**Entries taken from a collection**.
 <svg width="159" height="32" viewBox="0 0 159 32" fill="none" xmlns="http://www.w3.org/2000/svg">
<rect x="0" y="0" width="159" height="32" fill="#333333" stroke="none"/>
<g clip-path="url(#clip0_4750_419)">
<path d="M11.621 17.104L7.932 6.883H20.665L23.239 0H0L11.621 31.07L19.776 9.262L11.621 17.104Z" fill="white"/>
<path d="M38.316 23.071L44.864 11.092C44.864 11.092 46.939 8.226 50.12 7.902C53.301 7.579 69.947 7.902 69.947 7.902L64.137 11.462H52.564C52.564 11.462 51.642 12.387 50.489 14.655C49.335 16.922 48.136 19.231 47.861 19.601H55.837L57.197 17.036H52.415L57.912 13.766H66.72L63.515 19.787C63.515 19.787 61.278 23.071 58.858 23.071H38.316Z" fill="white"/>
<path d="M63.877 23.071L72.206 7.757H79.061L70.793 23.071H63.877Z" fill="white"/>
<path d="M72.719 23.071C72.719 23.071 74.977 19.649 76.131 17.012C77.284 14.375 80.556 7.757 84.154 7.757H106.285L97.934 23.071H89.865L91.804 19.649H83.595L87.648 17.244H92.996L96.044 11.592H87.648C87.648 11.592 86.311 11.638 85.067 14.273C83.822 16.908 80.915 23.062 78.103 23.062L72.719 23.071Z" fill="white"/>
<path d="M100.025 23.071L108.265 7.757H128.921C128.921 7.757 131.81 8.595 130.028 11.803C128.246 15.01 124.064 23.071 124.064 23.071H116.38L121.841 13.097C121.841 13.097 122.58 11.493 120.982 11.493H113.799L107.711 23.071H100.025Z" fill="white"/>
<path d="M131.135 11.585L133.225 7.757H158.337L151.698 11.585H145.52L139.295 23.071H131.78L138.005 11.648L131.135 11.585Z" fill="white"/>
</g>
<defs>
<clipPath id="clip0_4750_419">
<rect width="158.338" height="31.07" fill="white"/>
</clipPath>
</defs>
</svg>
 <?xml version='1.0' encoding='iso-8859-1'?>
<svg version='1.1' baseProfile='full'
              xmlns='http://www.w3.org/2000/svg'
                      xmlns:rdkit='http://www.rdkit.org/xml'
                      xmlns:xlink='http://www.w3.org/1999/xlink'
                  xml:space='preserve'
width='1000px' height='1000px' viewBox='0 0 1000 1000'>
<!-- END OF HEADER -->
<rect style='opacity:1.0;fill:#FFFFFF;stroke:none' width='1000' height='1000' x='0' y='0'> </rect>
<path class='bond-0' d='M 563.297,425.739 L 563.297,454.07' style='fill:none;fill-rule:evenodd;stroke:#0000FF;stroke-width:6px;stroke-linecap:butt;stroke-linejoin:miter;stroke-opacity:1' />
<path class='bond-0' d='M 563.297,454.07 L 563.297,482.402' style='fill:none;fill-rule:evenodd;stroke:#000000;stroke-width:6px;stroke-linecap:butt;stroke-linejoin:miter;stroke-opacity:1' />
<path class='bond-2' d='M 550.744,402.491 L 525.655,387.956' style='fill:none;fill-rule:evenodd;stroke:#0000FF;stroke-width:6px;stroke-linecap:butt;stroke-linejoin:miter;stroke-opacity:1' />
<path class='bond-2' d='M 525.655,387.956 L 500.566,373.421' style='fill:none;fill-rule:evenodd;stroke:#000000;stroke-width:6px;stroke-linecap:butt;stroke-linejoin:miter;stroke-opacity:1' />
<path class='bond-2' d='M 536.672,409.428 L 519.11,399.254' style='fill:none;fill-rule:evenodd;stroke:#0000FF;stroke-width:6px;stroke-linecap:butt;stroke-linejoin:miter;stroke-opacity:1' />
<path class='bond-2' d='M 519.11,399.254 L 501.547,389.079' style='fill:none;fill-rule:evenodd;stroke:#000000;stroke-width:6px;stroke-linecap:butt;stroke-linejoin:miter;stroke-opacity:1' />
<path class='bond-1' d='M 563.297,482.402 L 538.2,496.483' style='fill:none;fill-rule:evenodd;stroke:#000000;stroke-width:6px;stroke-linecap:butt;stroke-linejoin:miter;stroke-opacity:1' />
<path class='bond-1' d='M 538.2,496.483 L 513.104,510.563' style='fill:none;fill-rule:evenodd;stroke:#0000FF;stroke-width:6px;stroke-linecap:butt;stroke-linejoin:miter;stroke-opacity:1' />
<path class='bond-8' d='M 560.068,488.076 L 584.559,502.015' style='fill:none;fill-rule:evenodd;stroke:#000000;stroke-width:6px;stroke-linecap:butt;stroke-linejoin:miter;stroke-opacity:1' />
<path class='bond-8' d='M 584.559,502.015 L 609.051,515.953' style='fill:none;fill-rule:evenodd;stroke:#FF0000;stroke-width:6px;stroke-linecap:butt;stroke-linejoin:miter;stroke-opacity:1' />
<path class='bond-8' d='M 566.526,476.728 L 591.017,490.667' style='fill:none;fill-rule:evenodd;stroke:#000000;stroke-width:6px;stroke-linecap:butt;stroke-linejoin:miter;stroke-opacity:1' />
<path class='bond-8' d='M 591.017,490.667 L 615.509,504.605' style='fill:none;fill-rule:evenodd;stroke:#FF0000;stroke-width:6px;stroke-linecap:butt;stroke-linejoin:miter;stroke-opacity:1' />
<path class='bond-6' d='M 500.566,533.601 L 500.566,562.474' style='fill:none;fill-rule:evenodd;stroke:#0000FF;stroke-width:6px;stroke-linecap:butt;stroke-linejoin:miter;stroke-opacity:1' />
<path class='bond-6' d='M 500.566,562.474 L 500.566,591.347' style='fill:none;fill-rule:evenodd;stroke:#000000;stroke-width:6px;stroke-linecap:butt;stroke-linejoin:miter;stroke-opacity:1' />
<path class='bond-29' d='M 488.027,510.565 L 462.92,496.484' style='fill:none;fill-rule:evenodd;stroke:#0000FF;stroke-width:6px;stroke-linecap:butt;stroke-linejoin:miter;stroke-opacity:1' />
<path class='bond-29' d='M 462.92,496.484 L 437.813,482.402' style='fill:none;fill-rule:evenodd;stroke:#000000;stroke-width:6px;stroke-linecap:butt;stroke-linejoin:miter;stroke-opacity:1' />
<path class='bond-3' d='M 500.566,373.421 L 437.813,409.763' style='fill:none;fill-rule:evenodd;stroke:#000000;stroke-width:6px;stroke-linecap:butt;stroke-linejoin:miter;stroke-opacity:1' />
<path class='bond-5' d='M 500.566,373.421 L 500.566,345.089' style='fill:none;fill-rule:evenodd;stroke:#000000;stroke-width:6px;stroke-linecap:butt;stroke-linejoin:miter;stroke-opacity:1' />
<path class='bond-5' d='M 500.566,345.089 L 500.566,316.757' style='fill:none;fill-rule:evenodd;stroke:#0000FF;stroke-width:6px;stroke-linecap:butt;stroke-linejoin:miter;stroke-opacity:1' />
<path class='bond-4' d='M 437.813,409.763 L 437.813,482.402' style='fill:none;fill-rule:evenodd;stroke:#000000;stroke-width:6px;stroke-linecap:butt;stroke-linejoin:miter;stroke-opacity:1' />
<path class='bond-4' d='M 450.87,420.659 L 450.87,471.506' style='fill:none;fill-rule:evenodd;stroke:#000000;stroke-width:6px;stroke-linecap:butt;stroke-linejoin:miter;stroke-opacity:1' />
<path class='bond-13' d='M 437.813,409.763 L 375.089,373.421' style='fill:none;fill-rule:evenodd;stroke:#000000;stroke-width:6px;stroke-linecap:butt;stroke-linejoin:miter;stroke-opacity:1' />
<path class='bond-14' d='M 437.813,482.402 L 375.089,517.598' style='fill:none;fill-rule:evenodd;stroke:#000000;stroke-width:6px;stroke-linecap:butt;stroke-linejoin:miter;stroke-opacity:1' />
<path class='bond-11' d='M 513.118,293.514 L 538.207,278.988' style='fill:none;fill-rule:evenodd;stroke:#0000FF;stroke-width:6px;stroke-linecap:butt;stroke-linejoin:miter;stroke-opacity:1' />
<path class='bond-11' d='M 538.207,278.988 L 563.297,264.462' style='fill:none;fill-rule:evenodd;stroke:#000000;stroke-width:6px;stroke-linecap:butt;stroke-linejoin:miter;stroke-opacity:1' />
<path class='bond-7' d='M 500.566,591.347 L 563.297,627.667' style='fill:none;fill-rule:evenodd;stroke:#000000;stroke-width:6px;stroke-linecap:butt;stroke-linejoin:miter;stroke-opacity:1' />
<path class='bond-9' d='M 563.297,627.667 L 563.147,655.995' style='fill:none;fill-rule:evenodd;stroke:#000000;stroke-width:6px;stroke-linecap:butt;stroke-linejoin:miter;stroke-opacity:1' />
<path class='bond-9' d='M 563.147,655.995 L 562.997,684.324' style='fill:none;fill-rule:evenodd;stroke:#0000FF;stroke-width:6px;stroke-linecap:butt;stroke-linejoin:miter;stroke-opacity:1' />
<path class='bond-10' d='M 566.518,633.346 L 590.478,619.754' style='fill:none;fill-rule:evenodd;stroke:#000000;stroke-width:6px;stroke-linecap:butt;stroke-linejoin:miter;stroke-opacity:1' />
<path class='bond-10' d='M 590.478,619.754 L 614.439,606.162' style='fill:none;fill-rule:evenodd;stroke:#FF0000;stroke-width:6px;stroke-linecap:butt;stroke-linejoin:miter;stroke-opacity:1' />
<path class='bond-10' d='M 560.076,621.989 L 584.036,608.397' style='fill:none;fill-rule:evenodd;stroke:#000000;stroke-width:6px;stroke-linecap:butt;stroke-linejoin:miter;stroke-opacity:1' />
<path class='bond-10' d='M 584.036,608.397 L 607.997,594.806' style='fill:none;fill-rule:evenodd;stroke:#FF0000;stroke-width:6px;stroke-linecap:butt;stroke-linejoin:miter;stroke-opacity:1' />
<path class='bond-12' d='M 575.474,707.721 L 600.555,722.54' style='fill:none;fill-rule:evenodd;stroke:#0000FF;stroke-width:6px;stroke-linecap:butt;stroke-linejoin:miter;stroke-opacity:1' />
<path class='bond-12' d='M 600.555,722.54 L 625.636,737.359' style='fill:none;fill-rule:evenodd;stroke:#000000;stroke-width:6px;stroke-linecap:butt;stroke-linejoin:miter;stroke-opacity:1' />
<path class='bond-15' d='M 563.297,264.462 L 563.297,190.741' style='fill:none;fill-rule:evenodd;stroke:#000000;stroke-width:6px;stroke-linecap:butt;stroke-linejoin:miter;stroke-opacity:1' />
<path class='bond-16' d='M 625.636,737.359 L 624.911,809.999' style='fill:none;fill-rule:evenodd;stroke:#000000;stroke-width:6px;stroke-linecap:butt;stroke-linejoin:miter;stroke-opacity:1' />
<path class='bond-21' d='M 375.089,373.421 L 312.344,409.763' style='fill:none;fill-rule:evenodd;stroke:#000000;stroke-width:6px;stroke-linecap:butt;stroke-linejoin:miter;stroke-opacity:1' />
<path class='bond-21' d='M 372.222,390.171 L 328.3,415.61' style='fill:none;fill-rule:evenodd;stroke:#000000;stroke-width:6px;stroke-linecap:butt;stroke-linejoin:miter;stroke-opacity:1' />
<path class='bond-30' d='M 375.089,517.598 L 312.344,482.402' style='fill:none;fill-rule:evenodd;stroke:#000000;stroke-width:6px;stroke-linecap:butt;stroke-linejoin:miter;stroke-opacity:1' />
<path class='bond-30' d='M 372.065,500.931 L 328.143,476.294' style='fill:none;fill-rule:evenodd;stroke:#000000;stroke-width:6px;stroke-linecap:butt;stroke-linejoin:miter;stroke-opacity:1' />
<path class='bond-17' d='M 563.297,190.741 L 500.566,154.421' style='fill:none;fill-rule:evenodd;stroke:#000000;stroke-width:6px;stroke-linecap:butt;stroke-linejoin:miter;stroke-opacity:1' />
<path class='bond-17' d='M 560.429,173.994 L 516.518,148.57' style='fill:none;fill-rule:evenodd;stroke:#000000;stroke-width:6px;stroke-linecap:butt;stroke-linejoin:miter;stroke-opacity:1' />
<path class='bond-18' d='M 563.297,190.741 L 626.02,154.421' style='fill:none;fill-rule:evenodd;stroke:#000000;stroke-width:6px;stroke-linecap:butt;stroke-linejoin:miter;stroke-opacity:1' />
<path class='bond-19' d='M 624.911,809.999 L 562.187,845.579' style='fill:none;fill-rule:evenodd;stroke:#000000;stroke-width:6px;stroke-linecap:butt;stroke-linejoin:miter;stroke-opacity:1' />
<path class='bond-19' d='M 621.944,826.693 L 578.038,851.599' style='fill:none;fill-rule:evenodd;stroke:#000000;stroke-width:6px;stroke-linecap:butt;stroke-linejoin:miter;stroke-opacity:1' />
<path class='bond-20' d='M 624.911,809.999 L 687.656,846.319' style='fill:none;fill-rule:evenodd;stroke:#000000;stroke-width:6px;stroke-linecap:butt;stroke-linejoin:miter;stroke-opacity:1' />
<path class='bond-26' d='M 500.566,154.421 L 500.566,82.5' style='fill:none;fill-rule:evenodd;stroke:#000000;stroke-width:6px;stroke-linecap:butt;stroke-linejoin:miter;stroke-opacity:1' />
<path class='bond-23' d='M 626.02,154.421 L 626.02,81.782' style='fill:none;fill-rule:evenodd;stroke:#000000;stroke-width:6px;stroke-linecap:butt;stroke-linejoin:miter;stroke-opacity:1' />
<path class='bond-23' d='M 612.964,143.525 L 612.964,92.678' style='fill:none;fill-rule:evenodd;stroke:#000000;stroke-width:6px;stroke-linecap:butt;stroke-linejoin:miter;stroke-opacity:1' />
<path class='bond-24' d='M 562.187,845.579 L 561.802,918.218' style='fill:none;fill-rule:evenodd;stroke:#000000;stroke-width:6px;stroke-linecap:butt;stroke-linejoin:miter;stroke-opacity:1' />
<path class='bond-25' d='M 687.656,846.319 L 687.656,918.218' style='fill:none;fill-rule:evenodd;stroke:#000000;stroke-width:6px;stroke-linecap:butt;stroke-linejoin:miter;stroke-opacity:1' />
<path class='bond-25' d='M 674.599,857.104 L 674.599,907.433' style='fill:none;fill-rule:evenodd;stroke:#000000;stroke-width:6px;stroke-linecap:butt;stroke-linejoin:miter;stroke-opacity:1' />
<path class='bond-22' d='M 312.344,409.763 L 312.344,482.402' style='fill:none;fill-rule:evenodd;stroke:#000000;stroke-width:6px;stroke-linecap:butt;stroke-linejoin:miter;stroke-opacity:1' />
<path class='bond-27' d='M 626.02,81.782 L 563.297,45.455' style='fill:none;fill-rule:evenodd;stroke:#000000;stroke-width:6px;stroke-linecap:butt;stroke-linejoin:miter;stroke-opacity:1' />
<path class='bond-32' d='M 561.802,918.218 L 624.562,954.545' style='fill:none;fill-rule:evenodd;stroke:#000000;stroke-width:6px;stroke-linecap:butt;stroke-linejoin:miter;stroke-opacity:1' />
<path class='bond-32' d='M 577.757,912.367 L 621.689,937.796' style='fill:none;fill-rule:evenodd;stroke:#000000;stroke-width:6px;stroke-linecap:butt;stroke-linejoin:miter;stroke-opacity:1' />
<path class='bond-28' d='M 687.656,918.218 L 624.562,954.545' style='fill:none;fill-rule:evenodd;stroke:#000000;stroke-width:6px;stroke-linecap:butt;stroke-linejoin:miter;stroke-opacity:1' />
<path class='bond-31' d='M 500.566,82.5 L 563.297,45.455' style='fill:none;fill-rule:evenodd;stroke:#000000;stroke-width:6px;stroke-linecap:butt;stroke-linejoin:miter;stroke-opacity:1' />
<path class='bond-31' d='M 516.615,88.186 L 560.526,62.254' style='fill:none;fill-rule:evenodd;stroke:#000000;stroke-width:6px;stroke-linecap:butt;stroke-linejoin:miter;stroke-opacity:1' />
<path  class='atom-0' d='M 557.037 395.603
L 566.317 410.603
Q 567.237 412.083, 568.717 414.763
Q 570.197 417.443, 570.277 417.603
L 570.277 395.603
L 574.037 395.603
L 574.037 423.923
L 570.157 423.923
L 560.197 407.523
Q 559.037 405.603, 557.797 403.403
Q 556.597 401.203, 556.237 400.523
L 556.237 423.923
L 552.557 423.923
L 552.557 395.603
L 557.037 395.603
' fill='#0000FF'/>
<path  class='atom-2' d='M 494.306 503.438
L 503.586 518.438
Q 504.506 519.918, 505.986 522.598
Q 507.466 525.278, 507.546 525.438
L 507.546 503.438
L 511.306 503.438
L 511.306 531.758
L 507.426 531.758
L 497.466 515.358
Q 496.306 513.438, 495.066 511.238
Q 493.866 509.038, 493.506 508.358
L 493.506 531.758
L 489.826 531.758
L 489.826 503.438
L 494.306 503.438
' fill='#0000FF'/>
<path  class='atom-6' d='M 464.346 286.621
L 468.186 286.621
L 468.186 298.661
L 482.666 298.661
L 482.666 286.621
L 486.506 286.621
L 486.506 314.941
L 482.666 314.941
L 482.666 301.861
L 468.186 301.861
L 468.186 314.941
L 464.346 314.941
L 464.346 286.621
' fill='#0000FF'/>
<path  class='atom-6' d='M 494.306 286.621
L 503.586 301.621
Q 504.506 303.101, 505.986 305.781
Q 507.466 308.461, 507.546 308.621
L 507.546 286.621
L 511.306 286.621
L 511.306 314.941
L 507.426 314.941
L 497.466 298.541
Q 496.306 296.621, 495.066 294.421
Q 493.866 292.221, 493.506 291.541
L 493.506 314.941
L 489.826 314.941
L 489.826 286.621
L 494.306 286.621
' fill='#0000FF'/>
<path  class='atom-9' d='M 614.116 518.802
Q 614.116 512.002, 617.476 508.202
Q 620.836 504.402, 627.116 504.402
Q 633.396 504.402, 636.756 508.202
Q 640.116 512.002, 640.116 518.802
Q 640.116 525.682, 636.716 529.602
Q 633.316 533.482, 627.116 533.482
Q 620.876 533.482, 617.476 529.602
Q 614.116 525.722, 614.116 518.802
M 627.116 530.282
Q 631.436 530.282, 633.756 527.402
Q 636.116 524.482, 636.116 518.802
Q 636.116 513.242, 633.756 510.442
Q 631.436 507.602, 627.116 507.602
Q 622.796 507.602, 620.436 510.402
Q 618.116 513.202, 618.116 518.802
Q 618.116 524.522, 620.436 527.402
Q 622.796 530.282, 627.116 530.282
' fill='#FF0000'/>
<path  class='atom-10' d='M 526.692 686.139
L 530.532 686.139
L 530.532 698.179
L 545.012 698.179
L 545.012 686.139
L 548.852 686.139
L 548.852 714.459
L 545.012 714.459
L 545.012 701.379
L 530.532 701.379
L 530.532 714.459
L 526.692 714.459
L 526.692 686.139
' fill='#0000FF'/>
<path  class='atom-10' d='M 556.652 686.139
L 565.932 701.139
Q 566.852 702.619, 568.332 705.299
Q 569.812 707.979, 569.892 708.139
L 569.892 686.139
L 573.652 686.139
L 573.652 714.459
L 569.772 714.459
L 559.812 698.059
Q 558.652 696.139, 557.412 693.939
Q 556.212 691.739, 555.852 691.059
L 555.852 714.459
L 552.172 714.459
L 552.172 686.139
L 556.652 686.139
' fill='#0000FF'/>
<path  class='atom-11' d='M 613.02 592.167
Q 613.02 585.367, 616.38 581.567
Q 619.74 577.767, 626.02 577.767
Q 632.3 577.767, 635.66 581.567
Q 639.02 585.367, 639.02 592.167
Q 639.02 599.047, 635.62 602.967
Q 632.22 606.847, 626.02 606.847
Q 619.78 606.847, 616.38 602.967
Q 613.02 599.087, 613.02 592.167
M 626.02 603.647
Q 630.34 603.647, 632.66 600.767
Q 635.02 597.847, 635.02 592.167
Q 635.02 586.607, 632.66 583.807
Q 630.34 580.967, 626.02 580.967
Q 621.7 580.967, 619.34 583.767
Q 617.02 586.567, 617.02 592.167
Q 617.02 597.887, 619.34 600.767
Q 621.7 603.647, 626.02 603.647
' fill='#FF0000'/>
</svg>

**Required action**. Please give back only the lines between the first line of the entries and the line with "<path class='bond-0' d='M 563.297,425.739", both ends included, word for word.

**Response below**.
 <svg width="159" height="32" viewBox="0 0 159 32" fill="none" xmlns="http://www.w3.org/2000/svg">
<rect x="0" y="0" width="159" height="32" fill="#333333" stroke="none"/>
<g clip-path="url(#clip0_4750_419)">
<path d="M11.621 17.104L7.932 6.883H20.665L23.239 0H0L11.621 31.07L19.776 9.262L11.621 17.104Z" fill="white"/>
<path d="M38.316 23.071L44.864 11.092C44.864 11.092 46.939 8.226 50.12 7.902C53.301 7.579 69.947 7.902 69.947 7.902L64.137 11.462H52.564C52.564 11.462 51.642 12.387 50.489 14.655C49.335 16.922 48.136 19.231 47.861 19.601H55.837L57.197 17.036H52.415L57.912 13.766H66.72L63.515 19.787C63.515 19.787 61.278 23.071 58.858 23.071H38.316Z" fill="white"/>
<path d="M63.877 23.071L72.206 7.757H79.061L70.793 23.071H63.877Z" fill="white"/>
<path d="M72.719 23.071C72.719 23.071 74.977 19.649 76.131 17.012C77.284 14.375 80.556 7.757 84.154 7.757H106.285L97.934 23.071H89.865L91.804 19.649H83.595L87.648 17.244H92.996L96.044 11.592H87.648C87.648 11.592 86.311 11.638 85.067 14.273C83.822 16.908 80.915 23.062 78.103 23.062L72.719 23.071Z" fill="white"/>
<path d="M100.025 23.071L108.265 7.757H128.921C128.921 7.757 131.81 8.595 130.028 11.803C128.246 15.01 124.064 23.071 124.064 23.071H116.38L121.841 13.097C121.841 13.097 122.58 11.493 120.982 11.493H113.799L107.711 23.071H100.025Z" fill="white"/>
<path d="M131.135 11.585L133.225 7.757H158.337L151.698 11.585H145.52L139.295 23.071H131.78L138.005 11.648L131.135 11.585Z" fill="white"/>
</g>
<defs>
<clipPath id="clip0_4750_419">
<rect width="158.338" height="31.07" fill="white"/>
</clipPath>
</defs>
</svg>
 <?xml version='1.0' encoding='iso-8859-1'?>
<svg version='1.1' baseProfile='full'
              xmlns='http://www.w3.org/2000/svg'
                      xmlns:rdkit='http://www.rdkit.org/xml'
                      xmlns:xlink='http://www.w3.org/1999/xlink'
                  xml:space='preserve'
width='1000px' height='1000px' viewBox='0 0 1000 1000'>
<!-- END OF HEADER -->
<rect style='opacity:1.0;fill:#FFFFFF;stroke:none' width='1000' height='1000' x='0' y='0'> </rect>
<path class='bond-0' d='M 563.297,425.739 L 563.297,454.07' style='fill:none;fill-rule:evenodd;stroke:#0000FF;stroke-width:6px;stroke-linecap:butt;stroke-linejoin:miter;stroke-opacity:1' />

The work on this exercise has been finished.